Carlos Queiroz deu uma entrevista ao Maisfutebol e à TVI na qual abordou a relação com Cristiano Ronaldo e deixou um conselho a quem quer ser selecionador nacional: no futebol europeu, só com um estômago de cimento. Caso contrário acaba a beber ou a atirar-se da ponte.

Carlos Queiroz, José Mourinho, Paulo Bento, por que é que os treinadores portugueses quando saem de um projeto não trazem palavras elogiosas para Ronaldo?
Eu não me enquadro nessa observação genérica. Pelo contrário: tenho exprimido em todas as minhas intervenções o muito que vivi com o Cristiano ao longo de seis anos. Isto não tem nada a ver com um ou outro incidente, que por vezes pode sobrepor-se a muitas coisas boas que se dizem.

Mas houve incidentes...
Não escondo que os dois incidentes que se passaram na África do Sul não deviam ter acontecido e não eram aquilo que eu esperava de um capitão de equipa. Mas todos temos os nossos momentos bons e menos bons, e esse não foi um momento bom. O que diferencia as pessoas é como saímos dos erros. Eu julgo que ficou muito contar sobre a história da África do Sul... Mas ao que se passou na África do Sul sobrepôs-se o incidente do controlo antidoping, um incidente que foi politicamente manipulado pelo Governo da altura e que criou um vilão: Carlos Queiroz.

Foi um vilão?
O selecionador só tem um dia feliz, que é o dia em que assina contrato. O selecionador não tem uma base social de apoio como tem o treinador do Benfica ou do Sporting. Os portistas podem dizer mal do treinador do FC Porto, mas se um benfiquista diz mal do treinador do FC Porto, aqui d’el rei... O selecionador é o homem contra o país e o país contra o homem. Quando as coisas correm mal, nem FC Porto, nem Benfica, ninguém se quer meter: é um problema do selecionador e do país.
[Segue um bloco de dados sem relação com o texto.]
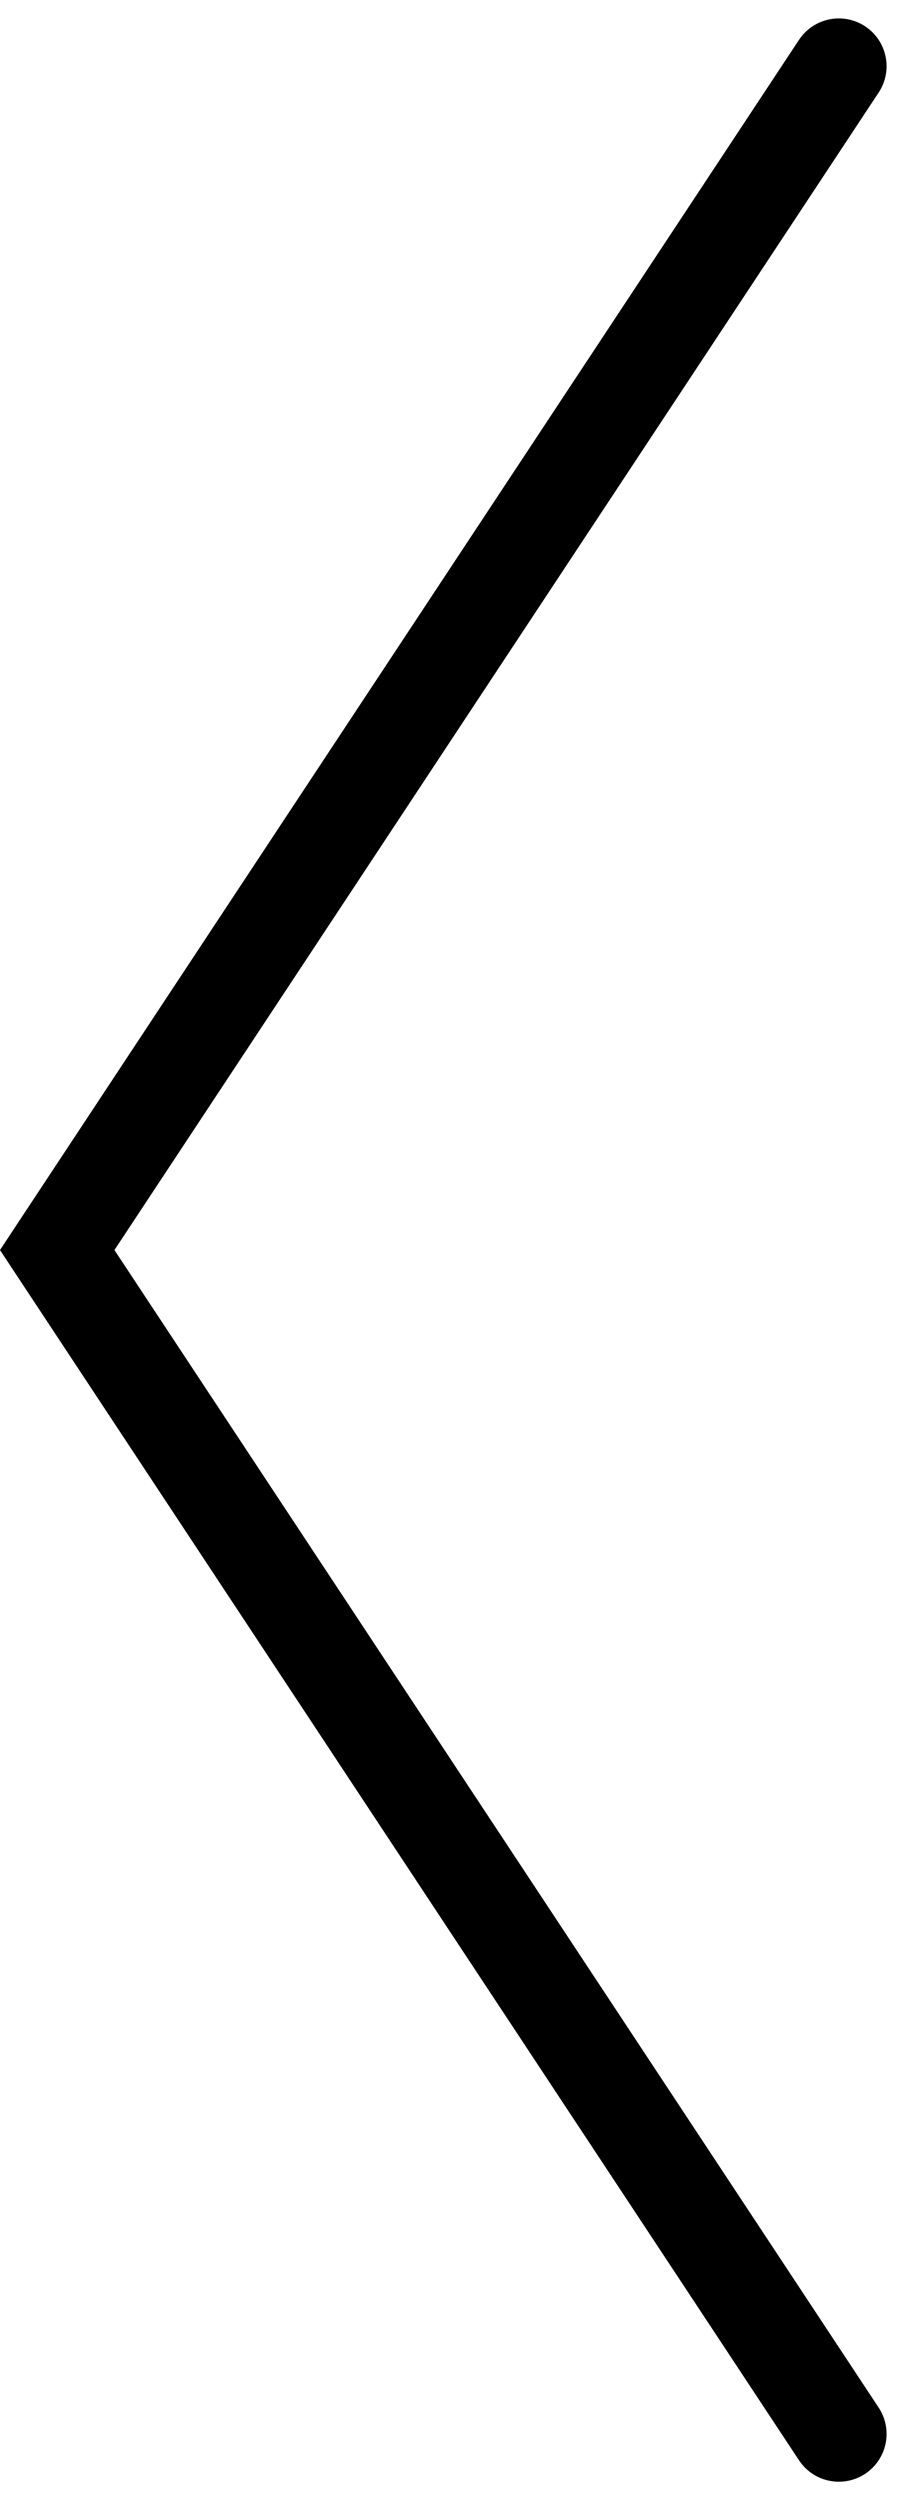 <svg xmlns="http://www.w3.org/2000/svg" width="47.389" height="130.82" viewBox="0 0 47.389 130.82">
  <path id="Path_7694" data-name="Path 7694" d="M17526.916-4540.071l-40.928,61.945,40.928,61.947" transform="translate(-17482.992 4543.535)" fill="none" stroke="#000" stroke-linecap="round" stroke-width="5"/>
</svg>

Arrependeu-se de ter vindo para a seleção?
Não, de maneira nenhuma. O que não quer dizer que tenha sido uma boa decisão deixar o Manchester United. É como alguns jogos, em que depois de acabados pensamos que devíamos ter feito jogar A ou B, que numa decisão não estivemos bem e no futuro vamos decidir melhor. Mas sinto-me muito feliz e considero que foi uma decisão bem feita nas circunstâncias em que a tomei. Agora, passados estes anos, acho que no futebol, e na vida talvez, voltar a um sítio onde já estivemos não é uma boa decisão.

Aconselha todos os treinadores a pensar duas vezes antes de aceitar uma proposta da Federação?
Só há um sítio no mundo que dá o direito de não pensar, em que primeiro se decide e depois se pensa: o Real Madrid. Em todos os outros há a obrigação de pensar duas ou três vezes antes de decidir.

Saudades de treinar um clube?
Claro, claro. Foi muito difícil para mim, que estava habituado a jogar 60, 65, 70 jogos por ano, e de repente jogar oito ou nove jogos por ano. O trabalho de um selecionador nacional na Europa, quando eu voltei, já não era o mesmo quando comparado com a primeira passagem. Na primeira vez nunca sentia falta do terreno, porque intervinha até com outras equipas e outros jogadores. Quando voltei, na Europa, já não havia selecionadores nacionais, havia mágicos.

Como assim?
Tínhamos a equipa cinco dias, e não eram cinco dias para treinar: eram para fazer magia. É um dia para fazer banho e massagens, um dia para comer bem, sem tocar na tábua de queijos do diretor, um dia para descansar e um dia para jogar. Aquele papel não casava bem comigo. Hoje em dia, ser selecionador na Europa, requer uma virtude muito grande: é preciso ter um estômago de cimento.

Porquê?
Porque fazemos um jogo como eu fiz com o Brasil em novembro e o próximo é em março. Digerir a pancada, como a que recebemos nesse jogo, durante cinco meses, só com um estômago de cimento. Se não for assim, ou nos dedicamos à bebida ou nos atiramos da ponte abaixo para o Tejo.